In Baker v. Emerson et al., 4 App. Div. 348, 38 N. Y. Supp. 576, is found a clear construction and interpretation of the statute under consideration, and at the end of the opinion it is stated that:

“The validity of the payment is not made to depend on whether it is made in the ordinary course of business, or on whether the creditor has any reasonable ground to believe the debtor insolvent, but simply on whether there is insolvency, actual or imminent, and an intent to prefer.”

See, also, Cæsar v. Bernard, 156 App. Div. 724, 141 N. Y. Supp. 659, affirmed 209 N. Y. 570, 103 N. E. 1122, which is thought to practically overrule Swan v. Stiles, 94 App. Div. 117, 87 N. Y. Supp. 1089, to which defendants attach importance in support of their claim that recovery cannot be had herein, as it is not shown that the corporation refused to pay the notes.

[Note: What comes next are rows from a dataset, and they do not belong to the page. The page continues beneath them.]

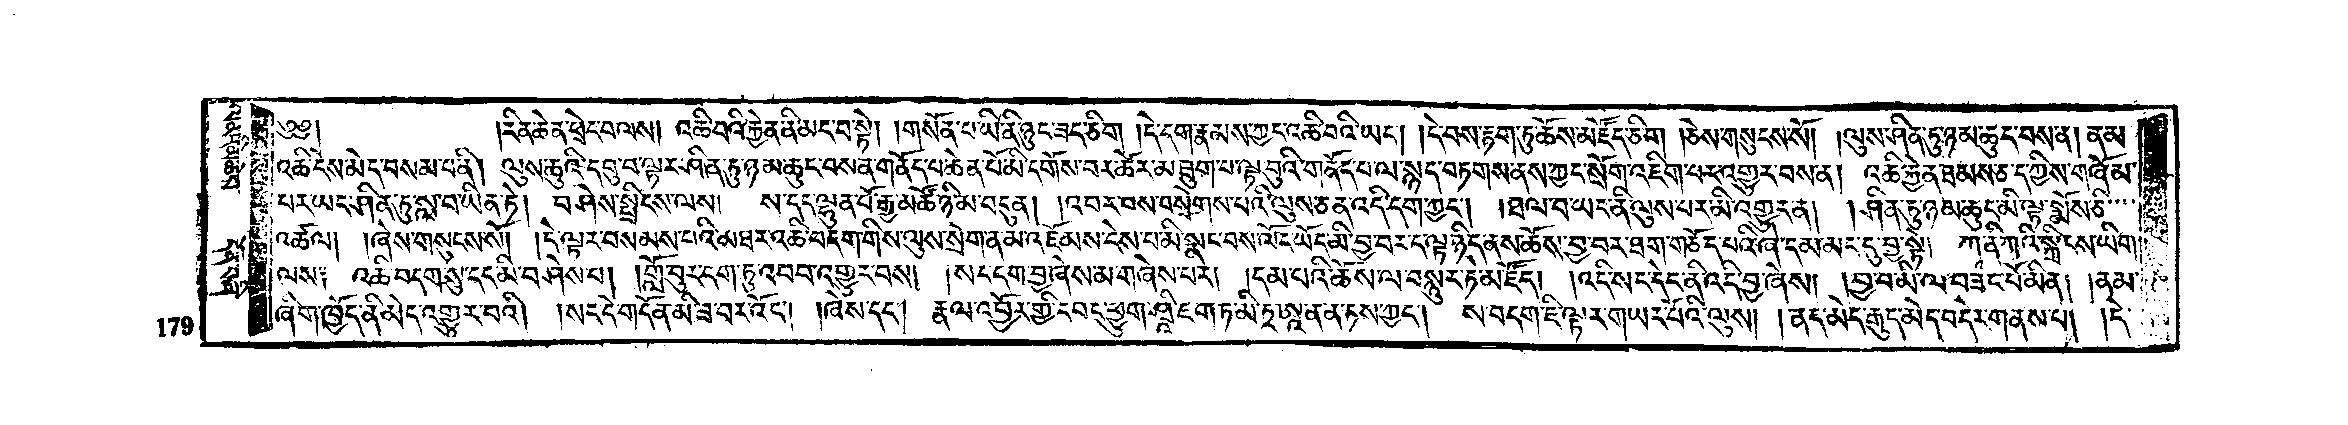༄༅། །རིན་ཆེན་ཕྲེང་བ་ལས། འཆི་བའི་རྐྱེན་ནི་མང་བ་སྟེ། །གསོན་པ་ཡི་ནི་ཉུང་ཟད་ཅིག །དེ་དག་རྣམས་ཀྱང་འཆི་བའི་ཡང་། །དེ་བས་རྟག་ཏུ་ཆོས་མཛོད་ཅིག །ཅེས་གསུངས་སོ། །ལུས་ཤིན་ཏུ་ཉམ་ཆུད་བས་ན། ནམ་
འཆི་ངེས་མེད་བསམ་པ་ནི། ལུས་ཆུའི་དབུ་བ་ལྟར་ཤིན་ཏུ་ཉམ་ཆུང་བས་ན་གནོད་པ་ཆེན་པོ་མི་དགོས་བར་ཚེར་མ་ཟུག་པ་ལྟ་བུའི་གནོད་པ་ལ་སྙད་བཏགས་ནས་ཀྱང་སྲོག་འཇིག་པར་འགྱུར་བས་ན། འཆི་རྐྱེན་ཐམས་ཅད་དཀྱིས་གཞོམ་
པར་ཡང་ཤིན་ཏུ་སླ་བ་ཡིན་ཏེ། བཤེས་སྤྲིངས་ལས། ས་དང་ལྷུན་པོ་རྒྱ་མཚོ་ཉི་མ་བདུན། །འབར་བས་བསྲེགས་པའི་ལུས་ཅན་འདི་དག་ཀྱང་། །ཐལ་བ་ཡང་ནི་ལུས་པར་མི་འགྱུར་ན། །ཤིན་ཏུ་ཉམ་ཆུང་མི་ལྟ་སྨོས་ཅི་
འཚལ། །ཞེས་གསུངས་སོ། །དེ་ལྟར་བསམས་པའི་མཐར་འཆི་བདག་གིས་ལུས་སྲོག་ནམ་འཇོམས་ངེས་པ་མི་སྣང་བས་ལོང་ཡོད་མི་བྱ་བར་ད་ལྟ་ཉིད་ནས་ཆོས་བྱ་བར་ཐག་གཅོད་པའི་ཞེ་དམ་མང་དུ་བྱ་སྟེ། ཀཱ་ནི་ཀའི་སྦྲིངས་ཡིག་
ལས༑ འཆི་བདག་སུ་དང་མི་བཤེས་པ། །གློ་བུར་དག་ཏུ་འབབ་འགྱུར་བས། །སང་དག་བྱ་ཞེས་མ་གཞེས་པར། །དམ་པའི་ཆོས་ལ་བསྙུར་ཏེ་མཛོད། །འདི་སང་དེང་ནི་འདི་བྱ་ཞེས། །བྱ་བ་མི་ལ་བཟང་པོ་མིན། །ནམ་
ཞིག་ཁྱོད་ནི་མེད་འགྱུར་བའི། །སང་དེ་གདོན་མི་ཟ་བར་འོང་། །ཞེས་དང་། རྣལ་འབྱོར་གྱི་དབང་ཕྱུག་ཤྲའི་ཛ་ག་ཏ་མི་ཏྲ་ཨཱ་ནན་ཏས་ཀྱང་། ས་བདག་ཇི་ལྟར་གཡར་པོའི་ལུས། །ནད་མེད་རྒུད་མེད་བདེར་གནས་པ། །དེ་

It was not necessary for recovery that the defendants' should be stockholders in the insolvent corporation; if they as creditors received a preference, they may be proceeded against for recovery thereof. Montague v. Hotel Gotham, 208 N. Y. 442, 102 N. E. 513.

[5] Objection is made that this court is without jurisdiction to maintain the action without the consent of the defendants, but I think the objection is without merit. Section 67e of the Bankruptcy Act substantially authorizes voiding transfers of property made by a debtor while *989insolvent within four months of filing the petition in bankruptcy “which are held null and void as against the creditors of such debtor by the laws of the state” in which such property is situate, and that courts of bankruptcy (Bankruptcy Act, § 1, subd. 8, which includes the District Court) and state courts shall have concurrent jurisdiction. This action, it must be remembered, is not brought to set aside fraudulent transfers not creating a preference, nor fraudulent transfers not made within four months of the bankruptcy, which classes of actions are instituted under section 70e of the Bankruptcy Act. Gregory v. Atkinson et al. (D. C.) 127 Fed. 183; Wood v. Wilbert, 226 U. S. 384, 33 Sup. Ct. 125, 57 L. Ed. 264; Wright v. Skinner Mfg. Co., 162 Fed. 315, 89 C. C. A. 23.

No other questions argued at the bar require special consideration. My conclusion is that, as to the cause of action alleged in the bill under section 60b of the Bankruptcy Act, the trustee cannot recover, but that as to the cause of action under section 66 of the Stock Corporation Law of New York the intent while insolvent to prefer the defendants has been fairly proven, and the complainant may therefore have a decree, with costs, directing the return to the trustee of the amount of such preference, with interest, subject, however, to the dividend to which the defendants will be entitled on distribution of the assets.